[Start of section]

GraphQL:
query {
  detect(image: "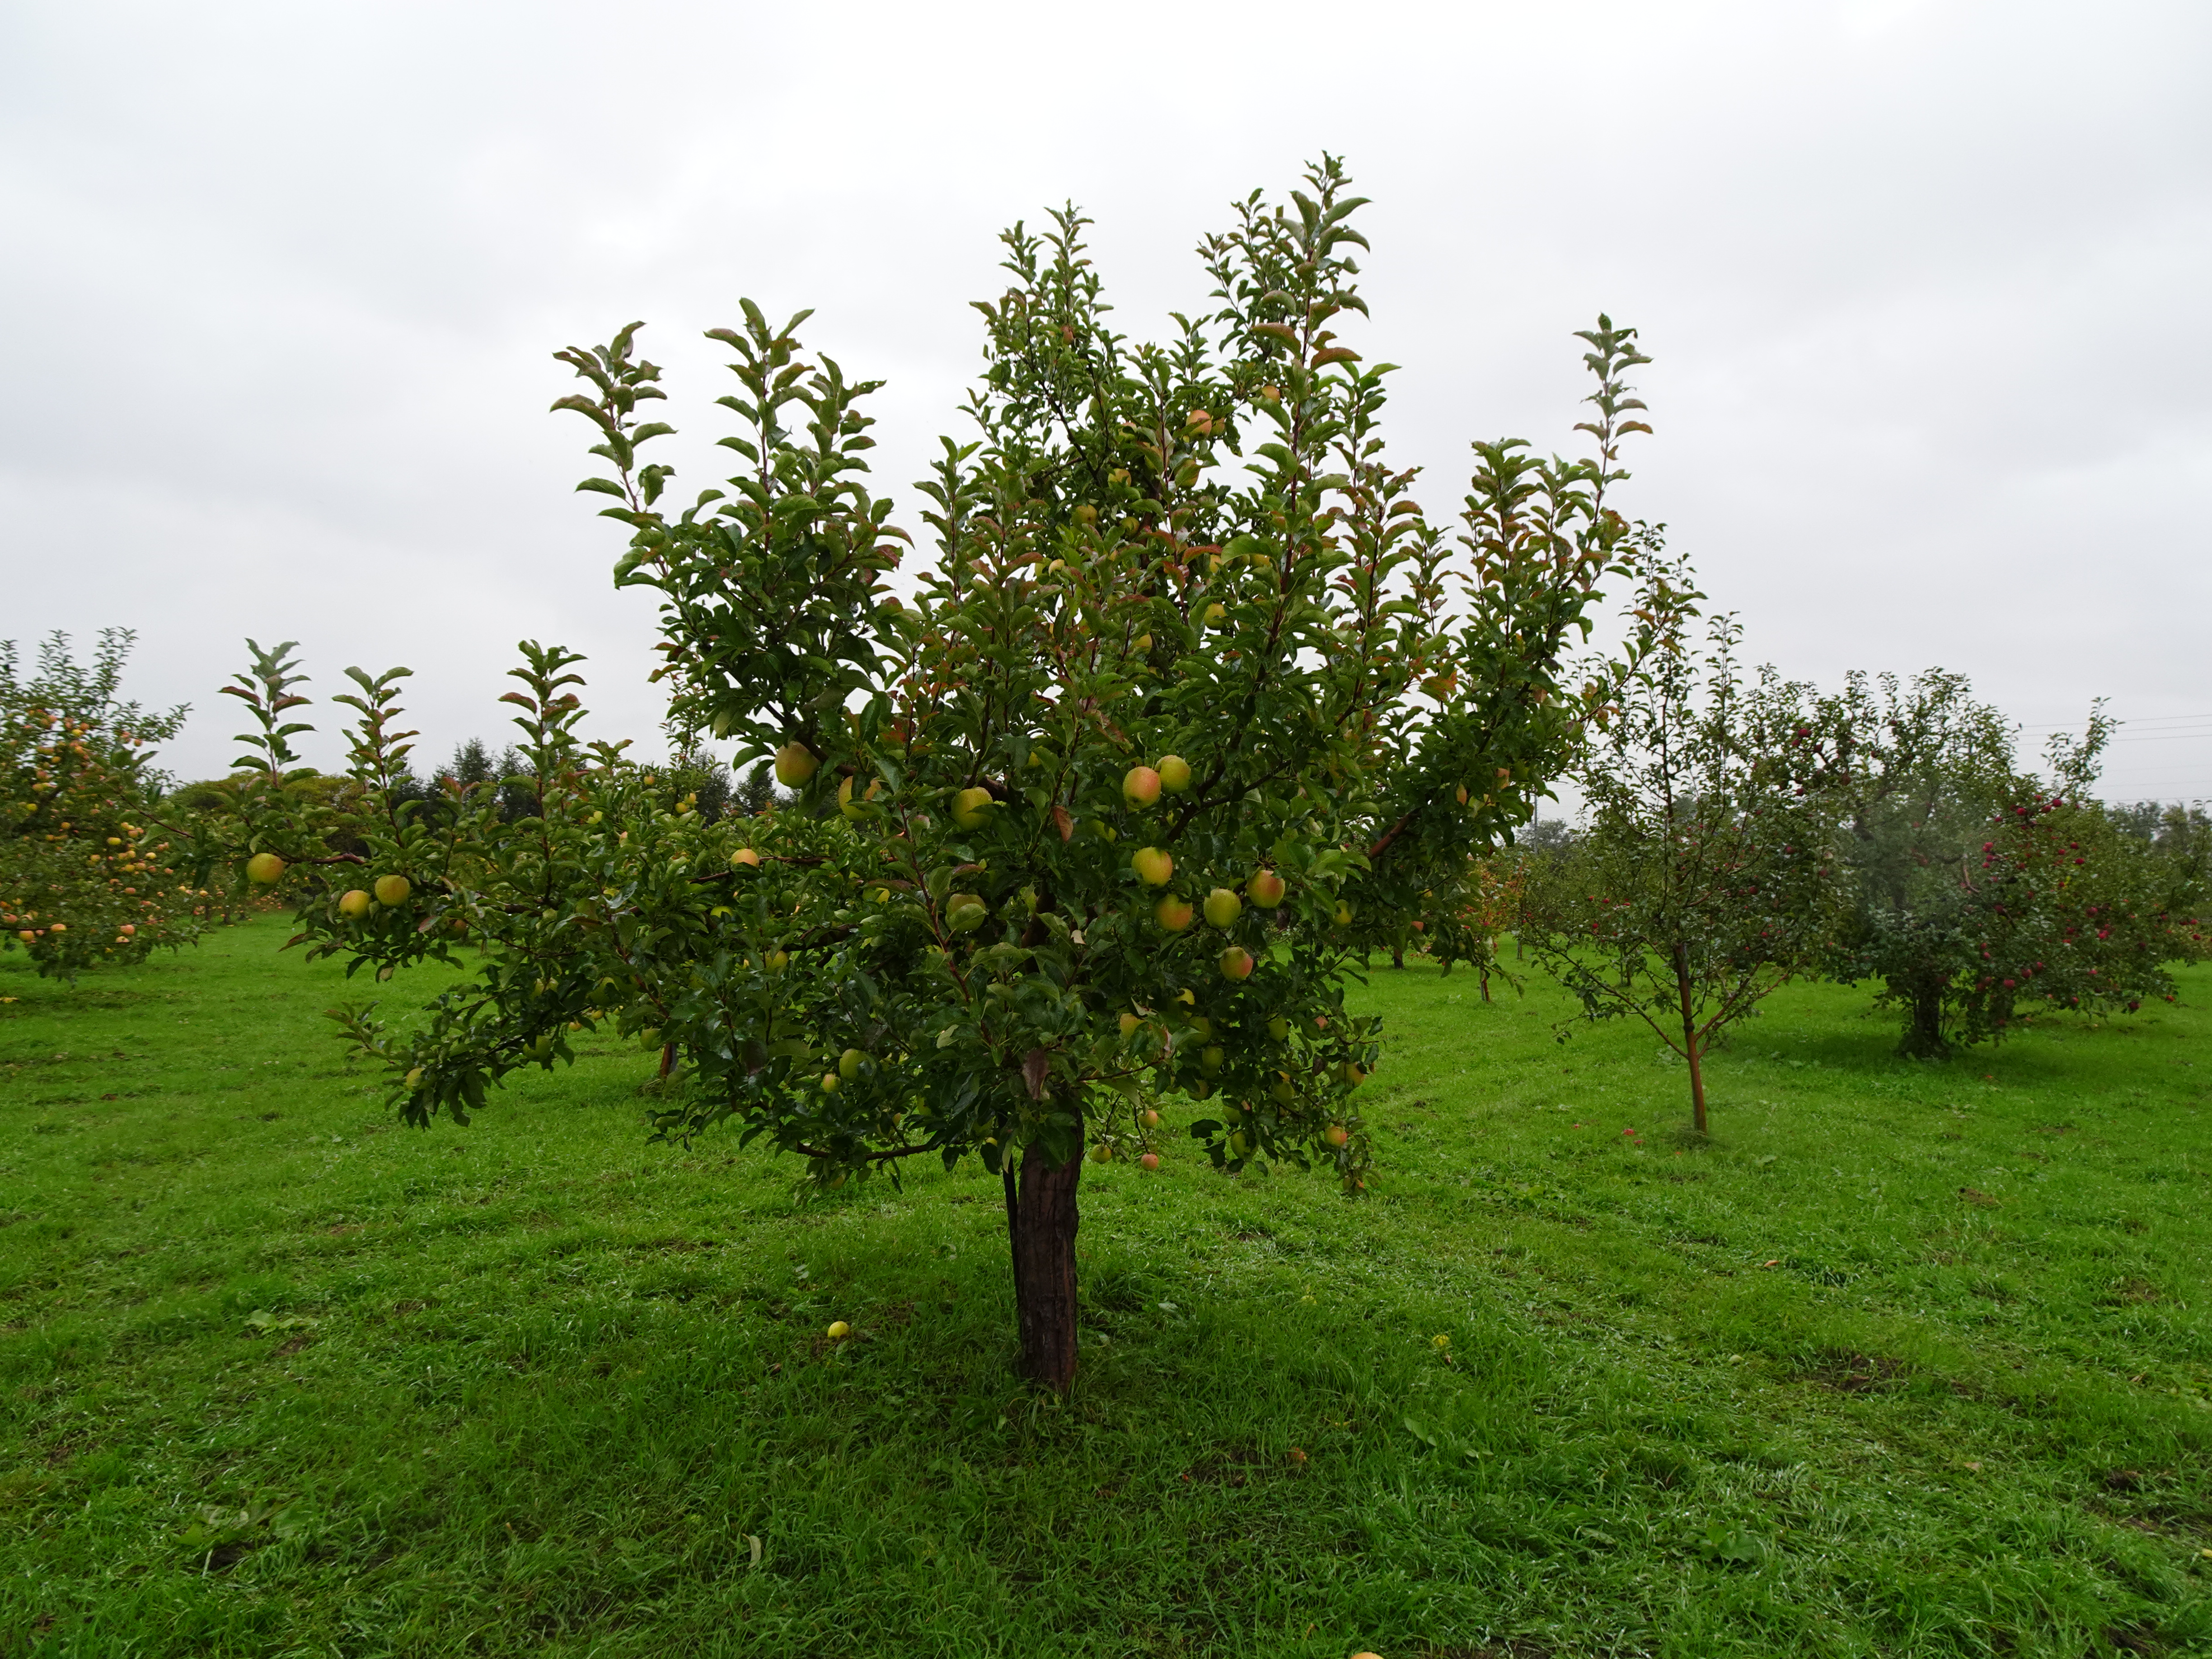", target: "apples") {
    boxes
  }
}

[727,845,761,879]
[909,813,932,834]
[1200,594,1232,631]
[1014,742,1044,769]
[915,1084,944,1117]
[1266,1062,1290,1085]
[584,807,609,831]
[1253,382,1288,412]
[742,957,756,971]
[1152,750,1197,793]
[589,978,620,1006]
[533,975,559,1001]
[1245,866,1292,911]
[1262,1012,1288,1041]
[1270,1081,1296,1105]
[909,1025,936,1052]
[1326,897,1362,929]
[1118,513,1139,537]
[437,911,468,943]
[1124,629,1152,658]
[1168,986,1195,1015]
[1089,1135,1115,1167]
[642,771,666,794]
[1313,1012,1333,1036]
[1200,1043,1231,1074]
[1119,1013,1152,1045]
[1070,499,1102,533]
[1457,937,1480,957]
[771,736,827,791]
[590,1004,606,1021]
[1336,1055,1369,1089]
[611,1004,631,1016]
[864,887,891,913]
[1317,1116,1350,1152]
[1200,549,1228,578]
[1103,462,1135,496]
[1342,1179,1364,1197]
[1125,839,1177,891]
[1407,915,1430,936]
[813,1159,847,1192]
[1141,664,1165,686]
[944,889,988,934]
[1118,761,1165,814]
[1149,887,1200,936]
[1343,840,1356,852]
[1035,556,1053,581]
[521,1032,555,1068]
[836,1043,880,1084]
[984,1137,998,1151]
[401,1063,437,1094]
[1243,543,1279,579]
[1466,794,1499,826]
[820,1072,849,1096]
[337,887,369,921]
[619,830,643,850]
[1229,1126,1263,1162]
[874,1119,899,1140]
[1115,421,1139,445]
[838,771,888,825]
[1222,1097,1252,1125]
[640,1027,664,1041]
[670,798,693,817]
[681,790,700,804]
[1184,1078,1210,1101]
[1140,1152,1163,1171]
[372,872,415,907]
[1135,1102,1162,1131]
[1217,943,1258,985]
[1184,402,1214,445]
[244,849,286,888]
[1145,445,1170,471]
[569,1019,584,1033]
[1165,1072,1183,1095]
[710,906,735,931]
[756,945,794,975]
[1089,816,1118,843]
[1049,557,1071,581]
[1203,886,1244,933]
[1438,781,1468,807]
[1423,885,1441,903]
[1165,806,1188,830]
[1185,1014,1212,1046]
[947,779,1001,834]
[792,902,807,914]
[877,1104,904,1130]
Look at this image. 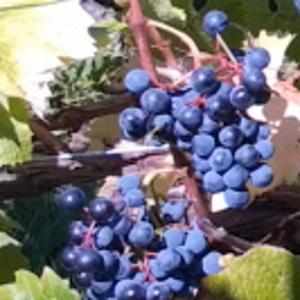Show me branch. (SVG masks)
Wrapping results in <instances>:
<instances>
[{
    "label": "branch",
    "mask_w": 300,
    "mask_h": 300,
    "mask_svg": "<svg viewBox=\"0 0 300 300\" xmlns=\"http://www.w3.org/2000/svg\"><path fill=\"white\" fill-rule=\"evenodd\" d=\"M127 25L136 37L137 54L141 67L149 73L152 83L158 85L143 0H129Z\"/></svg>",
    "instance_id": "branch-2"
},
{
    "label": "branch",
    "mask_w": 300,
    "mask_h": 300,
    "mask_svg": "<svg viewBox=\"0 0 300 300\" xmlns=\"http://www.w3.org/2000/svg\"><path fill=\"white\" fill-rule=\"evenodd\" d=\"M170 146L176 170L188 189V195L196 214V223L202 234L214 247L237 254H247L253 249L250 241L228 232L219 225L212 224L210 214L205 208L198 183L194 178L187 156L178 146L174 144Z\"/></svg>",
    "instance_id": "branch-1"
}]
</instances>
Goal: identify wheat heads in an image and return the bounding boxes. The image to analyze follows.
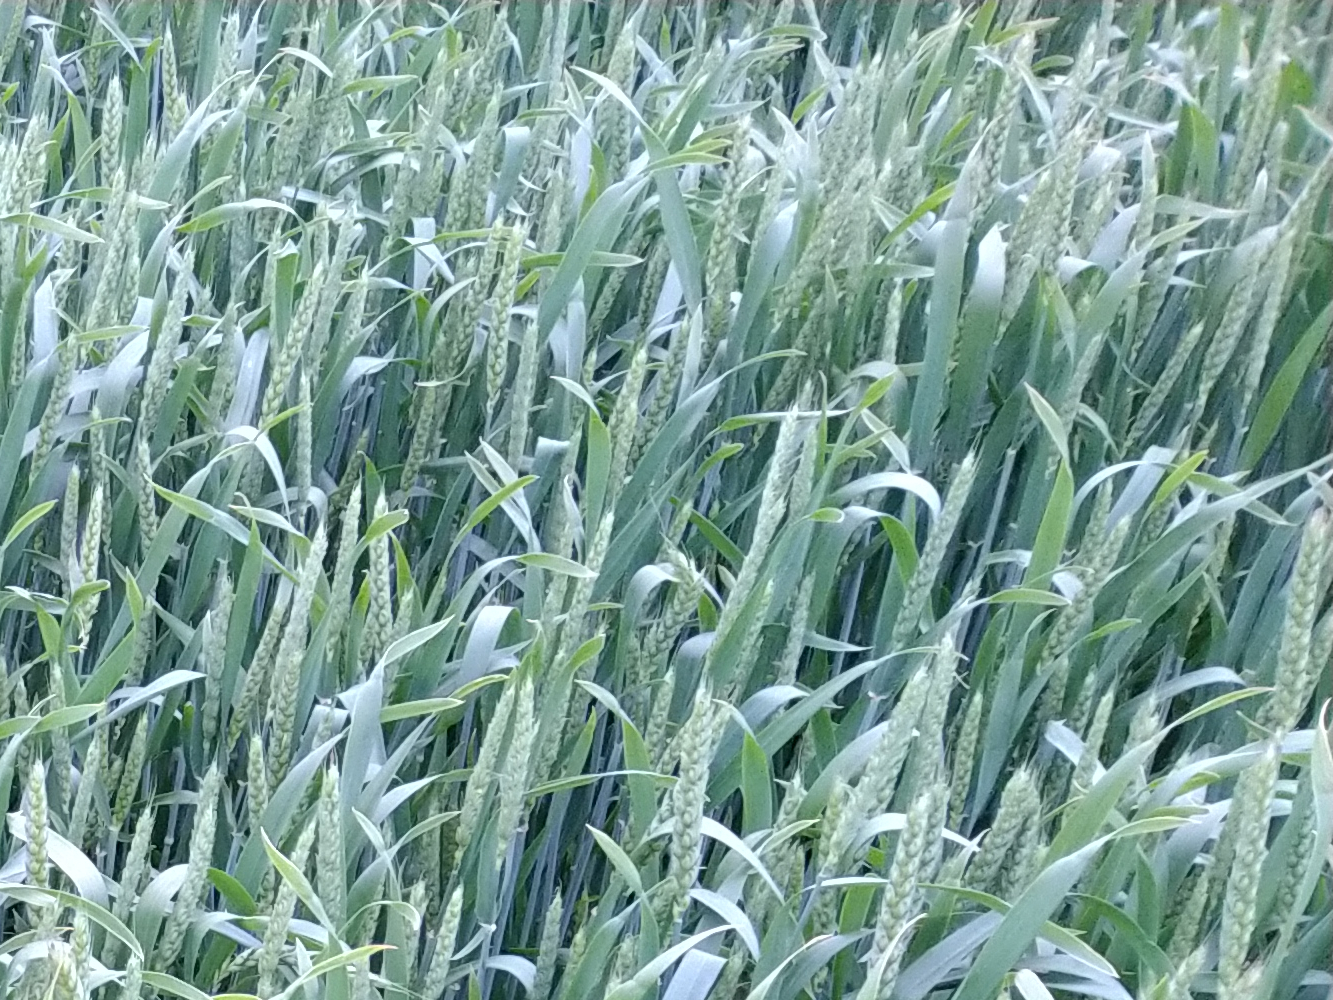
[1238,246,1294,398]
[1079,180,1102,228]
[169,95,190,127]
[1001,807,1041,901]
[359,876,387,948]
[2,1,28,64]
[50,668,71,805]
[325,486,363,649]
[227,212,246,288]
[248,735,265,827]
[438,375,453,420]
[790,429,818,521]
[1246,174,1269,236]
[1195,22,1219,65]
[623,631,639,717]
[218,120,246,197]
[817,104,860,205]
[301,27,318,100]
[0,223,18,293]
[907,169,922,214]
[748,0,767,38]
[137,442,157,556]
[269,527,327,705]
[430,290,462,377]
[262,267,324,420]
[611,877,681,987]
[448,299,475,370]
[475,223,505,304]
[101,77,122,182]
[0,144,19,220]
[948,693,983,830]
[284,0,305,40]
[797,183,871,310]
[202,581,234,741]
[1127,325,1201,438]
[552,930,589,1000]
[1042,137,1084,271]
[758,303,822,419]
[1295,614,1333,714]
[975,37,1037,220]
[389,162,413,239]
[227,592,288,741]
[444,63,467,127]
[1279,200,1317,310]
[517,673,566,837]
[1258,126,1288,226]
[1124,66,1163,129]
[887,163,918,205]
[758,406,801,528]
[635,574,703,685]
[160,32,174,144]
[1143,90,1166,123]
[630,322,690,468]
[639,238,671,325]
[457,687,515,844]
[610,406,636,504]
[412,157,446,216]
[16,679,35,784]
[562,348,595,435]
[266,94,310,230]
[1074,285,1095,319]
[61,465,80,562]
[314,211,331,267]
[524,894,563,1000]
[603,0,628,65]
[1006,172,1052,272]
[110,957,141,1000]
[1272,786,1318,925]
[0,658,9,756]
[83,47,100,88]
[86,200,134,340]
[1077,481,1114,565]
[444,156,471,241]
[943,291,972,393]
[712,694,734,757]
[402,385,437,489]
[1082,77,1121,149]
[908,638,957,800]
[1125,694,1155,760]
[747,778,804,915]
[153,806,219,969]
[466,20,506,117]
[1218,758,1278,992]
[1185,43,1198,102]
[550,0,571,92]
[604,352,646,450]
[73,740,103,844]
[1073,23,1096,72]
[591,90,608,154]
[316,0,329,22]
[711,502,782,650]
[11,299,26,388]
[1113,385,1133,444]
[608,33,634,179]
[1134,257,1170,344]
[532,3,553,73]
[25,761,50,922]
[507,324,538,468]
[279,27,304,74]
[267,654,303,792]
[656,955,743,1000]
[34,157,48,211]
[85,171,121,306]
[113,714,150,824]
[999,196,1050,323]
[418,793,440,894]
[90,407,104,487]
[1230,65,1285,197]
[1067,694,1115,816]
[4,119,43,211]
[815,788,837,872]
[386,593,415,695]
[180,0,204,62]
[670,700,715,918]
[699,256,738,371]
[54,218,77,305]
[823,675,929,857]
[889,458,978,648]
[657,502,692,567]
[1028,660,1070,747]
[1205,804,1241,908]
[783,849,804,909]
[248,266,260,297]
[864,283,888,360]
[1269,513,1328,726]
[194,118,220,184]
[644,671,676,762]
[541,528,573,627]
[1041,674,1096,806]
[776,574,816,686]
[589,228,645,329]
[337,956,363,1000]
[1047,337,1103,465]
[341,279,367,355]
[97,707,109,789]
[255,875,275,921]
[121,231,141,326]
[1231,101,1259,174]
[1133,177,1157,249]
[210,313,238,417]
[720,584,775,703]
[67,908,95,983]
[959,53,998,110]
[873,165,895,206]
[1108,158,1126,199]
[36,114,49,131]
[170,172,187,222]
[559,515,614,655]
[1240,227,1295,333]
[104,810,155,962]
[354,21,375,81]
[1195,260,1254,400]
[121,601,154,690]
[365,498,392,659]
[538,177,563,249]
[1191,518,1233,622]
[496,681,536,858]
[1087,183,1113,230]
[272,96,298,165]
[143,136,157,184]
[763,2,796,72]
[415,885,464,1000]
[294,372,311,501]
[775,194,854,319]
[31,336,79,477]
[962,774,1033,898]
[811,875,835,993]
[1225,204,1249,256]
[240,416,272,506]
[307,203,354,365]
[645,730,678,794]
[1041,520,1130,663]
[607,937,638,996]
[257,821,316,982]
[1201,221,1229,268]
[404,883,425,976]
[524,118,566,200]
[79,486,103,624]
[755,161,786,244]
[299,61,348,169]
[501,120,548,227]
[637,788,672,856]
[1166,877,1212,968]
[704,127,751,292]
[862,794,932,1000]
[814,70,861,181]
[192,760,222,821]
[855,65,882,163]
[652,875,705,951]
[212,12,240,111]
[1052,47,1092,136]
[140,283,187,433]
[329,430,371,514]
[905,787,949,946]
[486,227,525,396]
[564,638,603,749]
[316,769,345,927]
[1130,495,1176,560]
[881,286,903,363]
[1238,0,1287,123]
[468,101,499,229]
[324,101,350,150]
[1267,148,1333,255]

[End of section]

*WORK INSTRUCTION:*
Within the data above, tally every line that has "fill" in it. Answer with the number only.

*EXERCISE SOLUTION:*
2